Why no existing AWF primitive fixes this
The thread (and our own docs/arc-dind.md) points at dind.preStageDirs as the staging step. It does not populate the system tree.DEFAULT_PRE_STAGE_DIRS (src/dind-bootstrap.ts:11-19) only mkdirs empty work dirs:
.cache .config .local .local/state home mcp-logs sandbox
stageEngineBinary() stages a single binary. runDindBootstrap() (src/dind-bootstrap.ts:103-127) returns early unless config.dind.preStageDirs/stageEngineBinary is set — and gh-aw does not emit those, so the resolved config shows enableDind=false even when dockerHostPathPrefix is set.
Conclusion: there is no capability today that stages a base userland into the chroot. Any fix that just "emits dind.preStageDirs" will produce empty system dirs and still fail. This is a missing capability, not a config-emission oversight.
Security considerations (these must shape the fix)

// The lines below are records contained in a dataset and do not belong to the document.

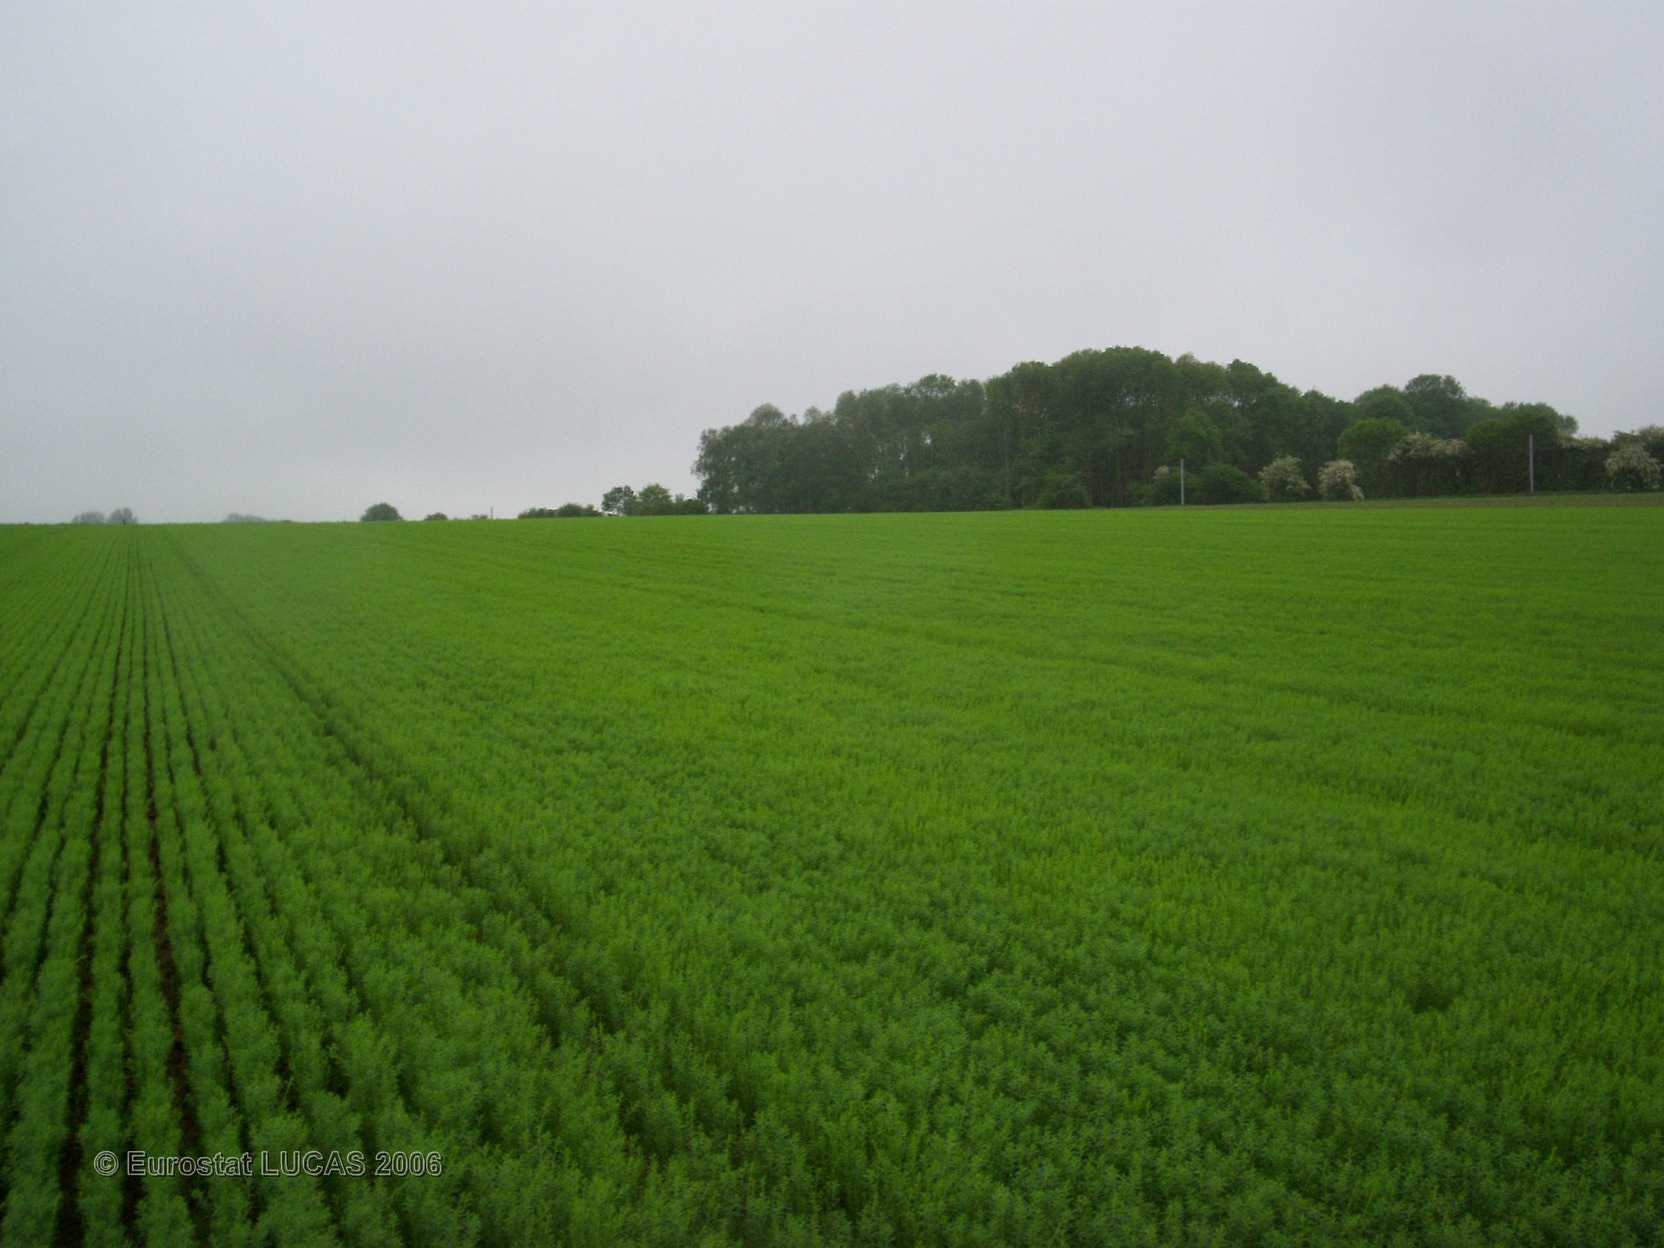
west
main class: Cropland
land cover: Other fibre and oleaginous crops
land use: Agriculture (excluding fallow land and kitchen gardens)
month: May
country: FR
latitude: 49.6392
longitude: 0.9067
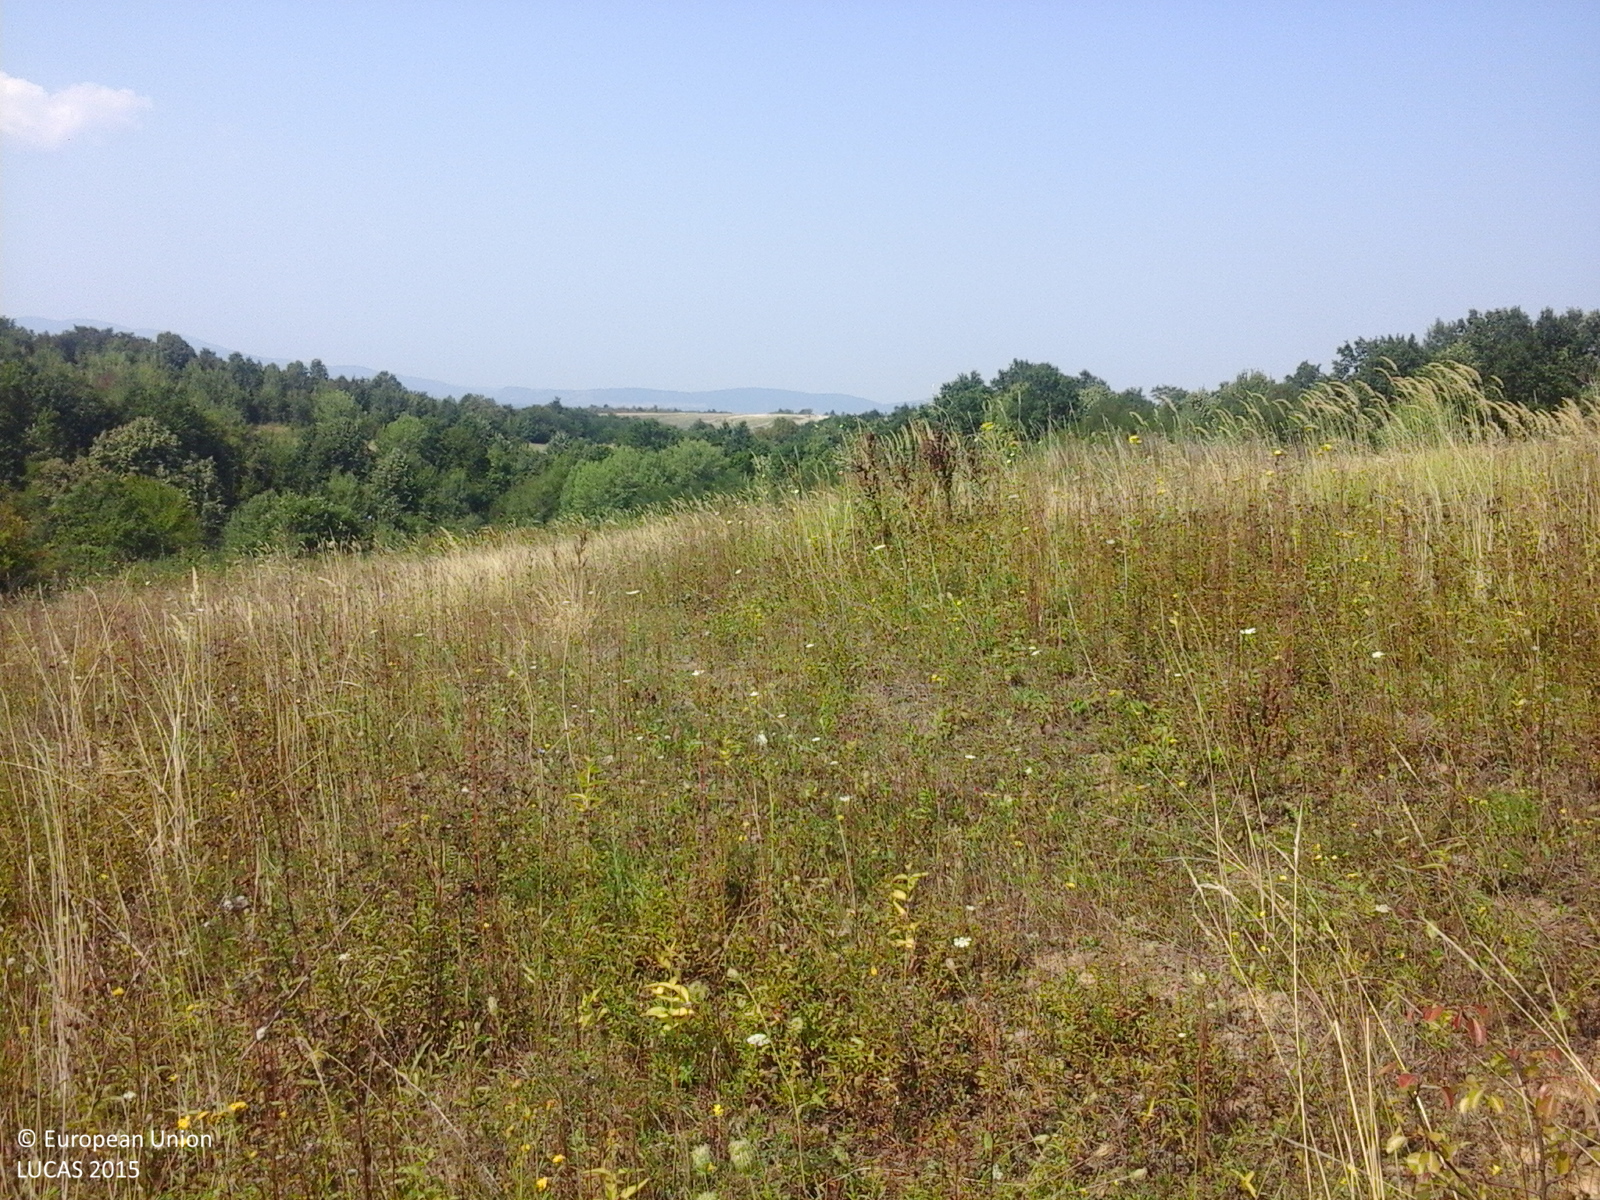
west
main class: Grassland
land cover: Grassland without tree/shrub cover
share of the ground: > 75 %
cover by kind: herbaceous plants 100 %
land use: Agriculture (excluding fallow land and kitchen gardens)
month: August
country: RO
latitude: 46.3069
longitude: 22.3443
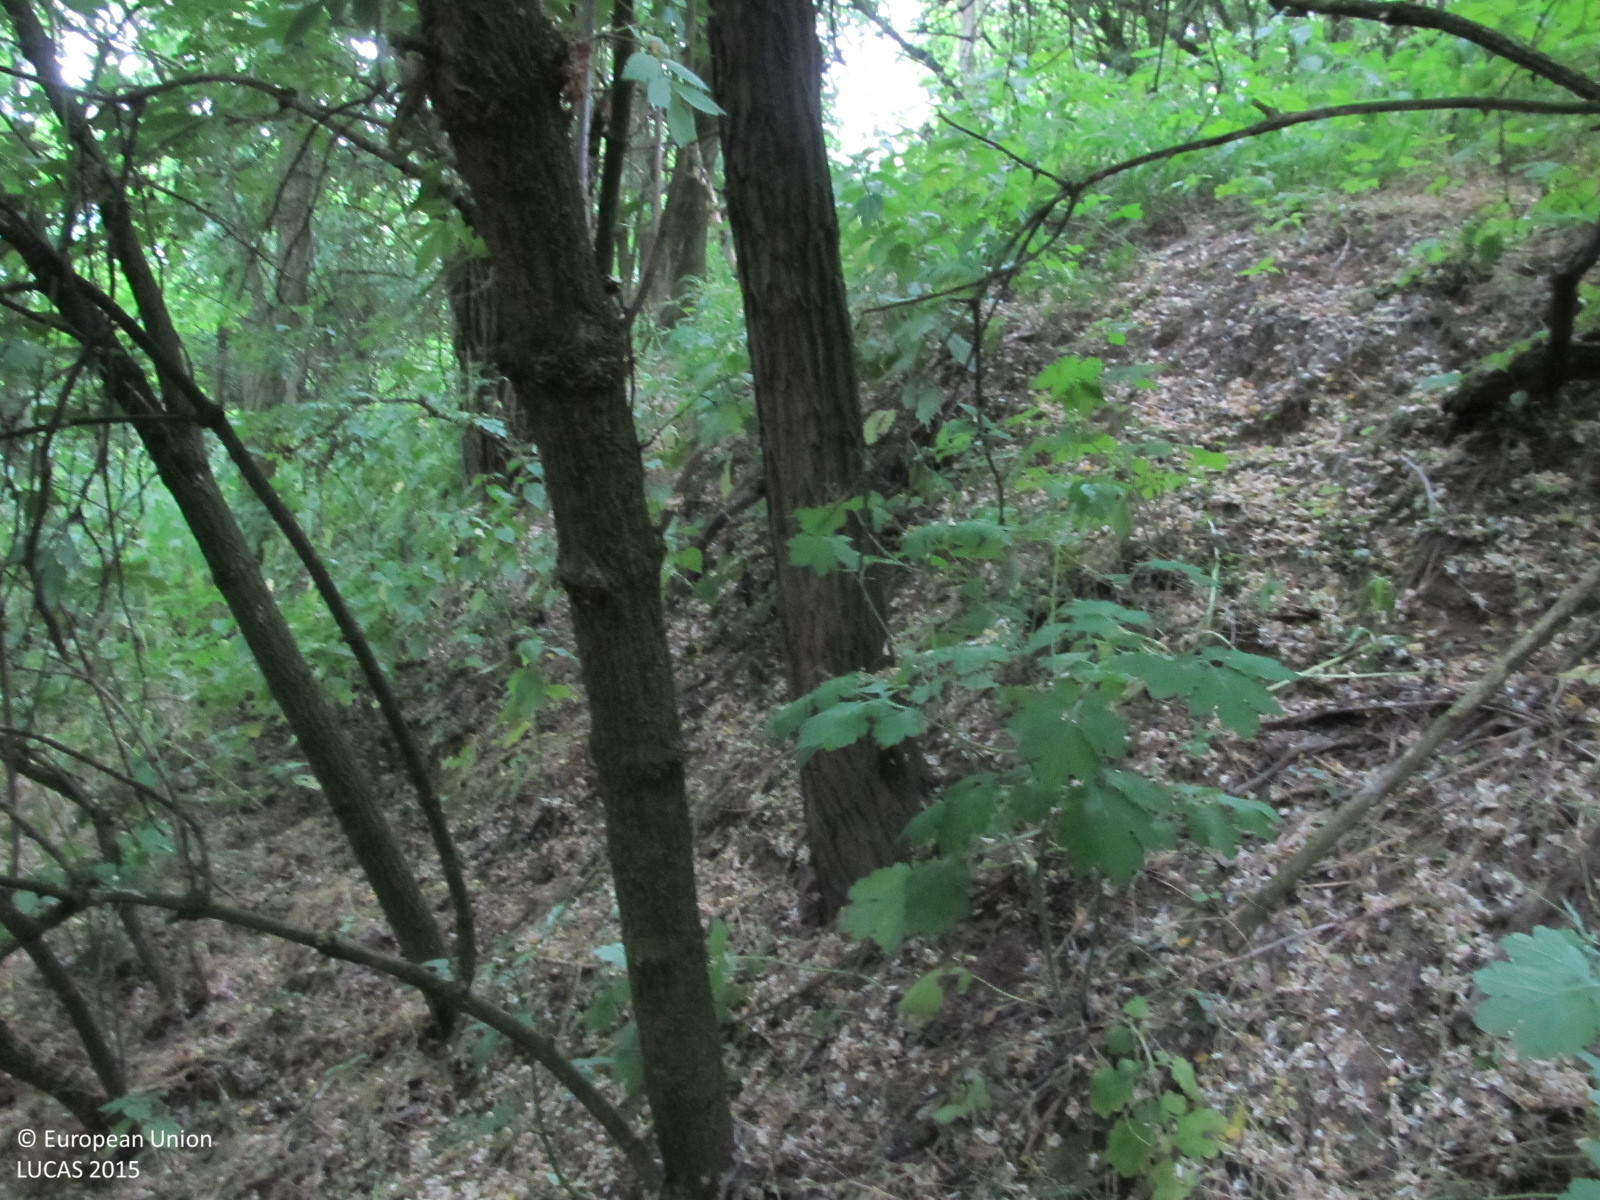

The remaining blocker has two superficially attractive fixes that are security-regressive and should be rejected:
Bind the daemon's real /bin, /usr, /lib into /host. This sources the chroot base userland — including the binaries that run before capability drop — from the runner/daemon filesystem, which on ARC is attacker-influenceable (a malicious or compromised DinD image, or anything that can write the shared /tmp/gh-aw emptyDir, controls the code AWF executes as root pre-capsh). This is the exact trust boundary AWF deliberately moved away from in the iptables → network-isolation work: egress/identity enforcement must not depend on untrusted runner-side state. Trusting the daemon rootfs for the chroot base reintroduces that dependency at an even more sensitive point (pre-privilege-drop code execution).
Copy the daemon's userland into the staging root at runtime. Same problem — provenance is the daemon image, not a verified AWF artifact.
Security-preserving direction: source the chroot base userland from AWF's own signed agent image (ghcr.io/github/gh-aw-firewall/agent), which already ships a glibc base + bash + libcap2-bin (capsh) + the loader needed by one-shot-token.so. Two viable mechanisms, both keeping provenance inside AWF's trust boundary:
(A) Self-bind from the agent container. In entrypoint.sh, before chroot, detect an empty/foreign /host and overlay the agent image's own /bin, /usr/sbin/capsh, /lib, loader, and a minimal busybox/coreutils set into /host (e.g. via a writable overlay assembled in /host/tmp and PATH/loader redirection). No daemon trust; the binaries come from the image AWF was built and signed as.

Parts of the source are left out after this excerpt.